Show that $f(x) = x^5 – 10x + 2 \in \mathbb Q[x]$ is not solvable by radicals.

Question

My attempt

$f(x)$ is irreducible by Eisenstein’s criterion with $p = 2$.

$f’(x)= 5x^4 -10x$ has two real roots.

$f’’(x)= 20x^3$ has a single real root.

Therefore, $f$ has exactly 3 real solutions and two complex ones. Therefore its Galois group is a transitive subgroup of $S_5$, which contains a transposition, so it must be the whole of $S_5$, which is not solvable, so $f$ is not solvable by radicals over $\mathbb Q$.

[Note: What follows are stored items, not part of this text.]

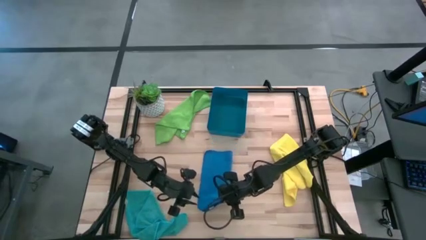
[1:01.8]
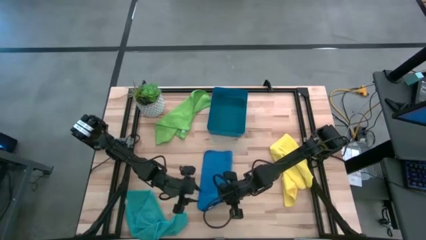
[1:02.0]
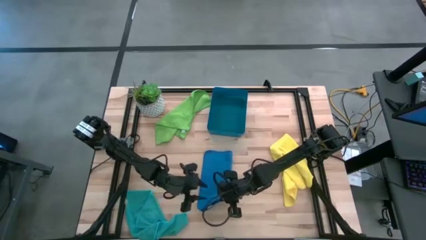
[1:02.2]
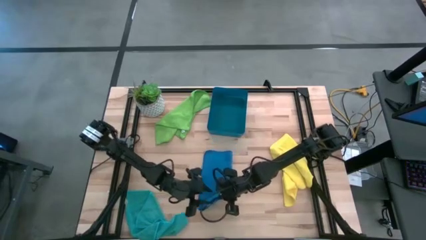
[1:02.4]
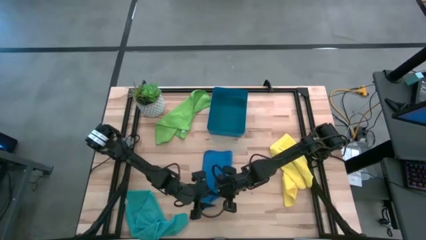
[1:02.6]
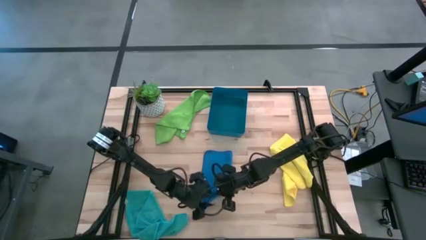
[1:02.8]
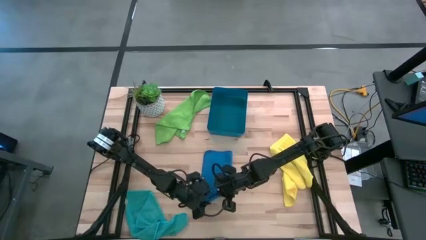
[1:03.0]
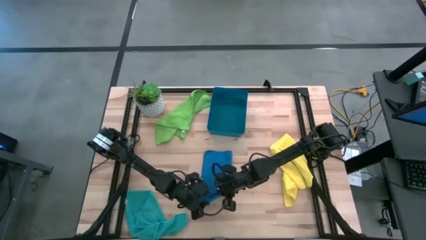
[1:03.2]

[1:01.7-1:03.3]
Task: Fold microfiber towels
Fold the blue microfiber cloth

Is it correct/complete? It seems very simple, but I don't know how to improve.

Thank's for any help.

Answer 1

It’s correct. More generally, if $p\ge5$ is a prime and $f(x)\in\Bbb Q[x]$ is an irreducible degree-$p$ polynomial with precisely two non-real roots, then $f(x)$ is unsolvable since $\operatorname{Gal}(f)\cong S_p$.

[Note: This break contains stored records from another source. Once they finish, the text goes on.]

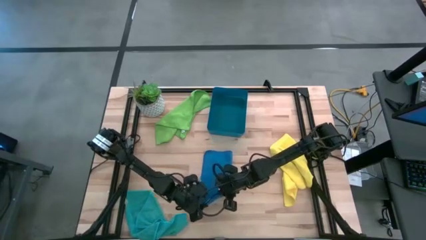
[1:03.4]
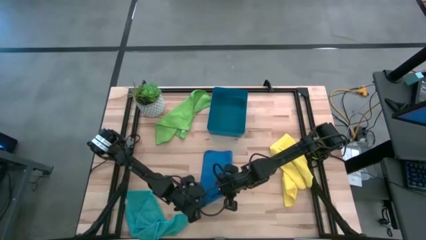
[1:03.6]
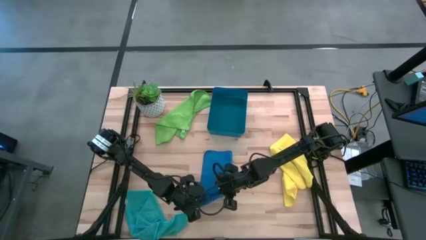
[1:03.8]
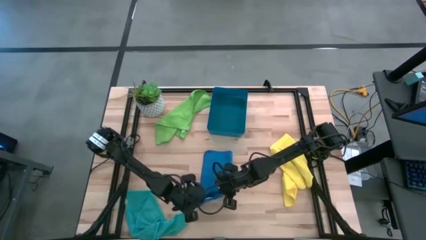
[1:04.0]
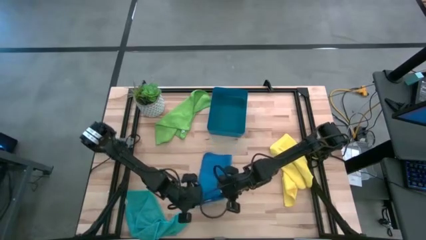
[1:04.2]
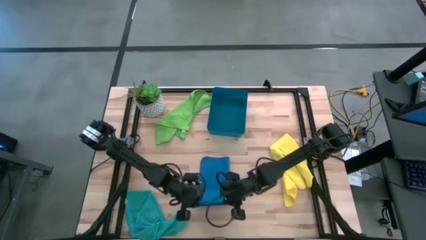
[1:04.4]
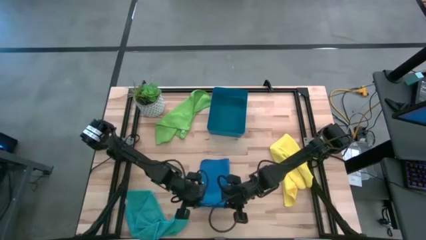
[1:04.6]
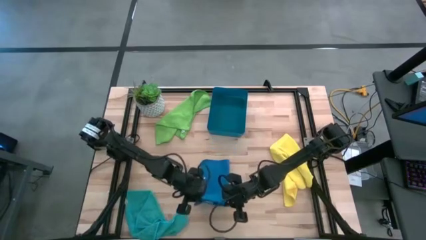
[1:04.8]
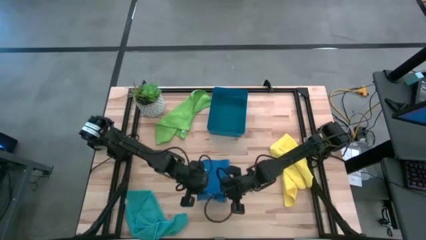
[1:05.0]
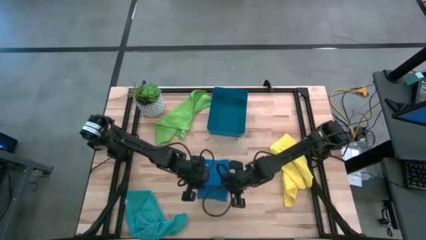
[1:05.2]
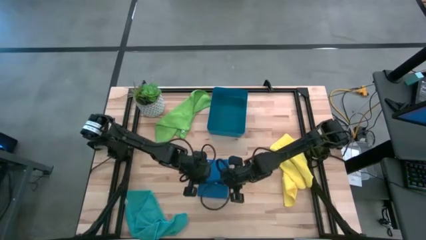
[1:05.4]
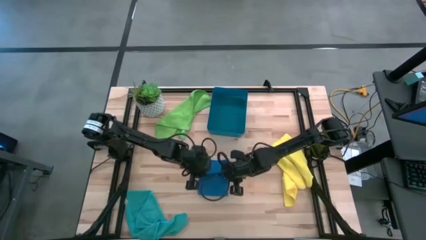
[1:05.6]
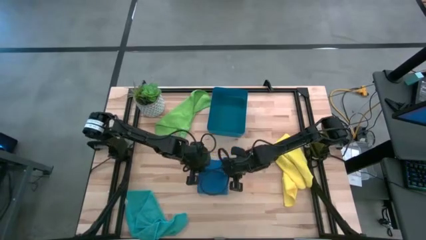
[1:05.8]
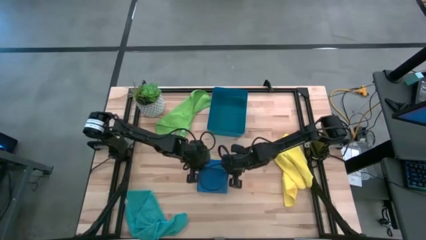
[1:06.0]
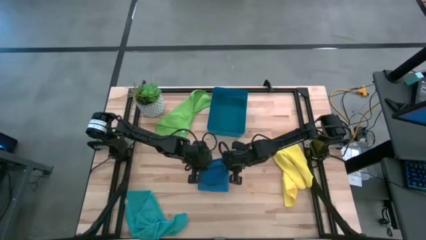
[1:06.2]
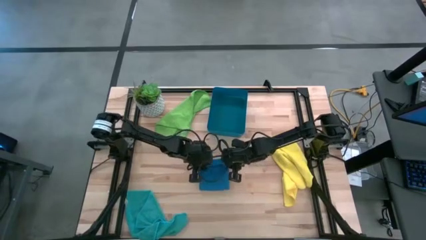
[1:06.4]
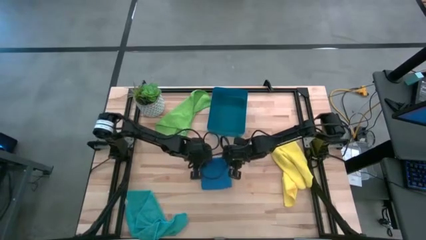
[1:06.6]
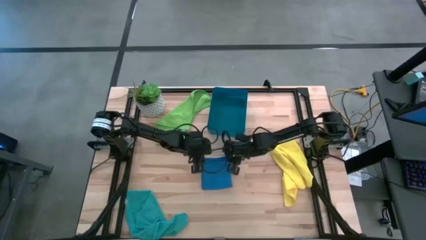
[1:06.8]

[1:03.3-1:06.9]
Fold the blue microfiber cloth

This uses the result on transposition generators that is proven here (it also uses the fact that $A_n$ is simple and nonabelian for any $n\ge5$, and thus $S_n$ is unsolvable). The Galois group contains a transposition since it acts on the roots transitively, so, taking a non-real root $\alpha$, there is at least one (and exactly one!) element of the Galois group mapping $\alpha\to\overline{\alpha}$ through $i\mapsto-i$. That map is an automorphism over $\Bbb C$, so it will remain a valid element of the Galois group by fixing all the other roots. Then, the action on the roots is just to swap two, and leave all others fixed. This is a transposition.

The argument fails if there are four, six, however many more non-real roots, because we’d have a double, triple etc. transposition which might not (in combination with a $p$-cycle) generate $S_p$. There is a $p$-cycle in the Galois group since it acts transitively over $p$-distinct roots, so $p$ divides the order of this group, so it contains an element of order $p$ since $p$ is prime. The order $p$ elements of $S_p$ are precisely the $p$-cycles.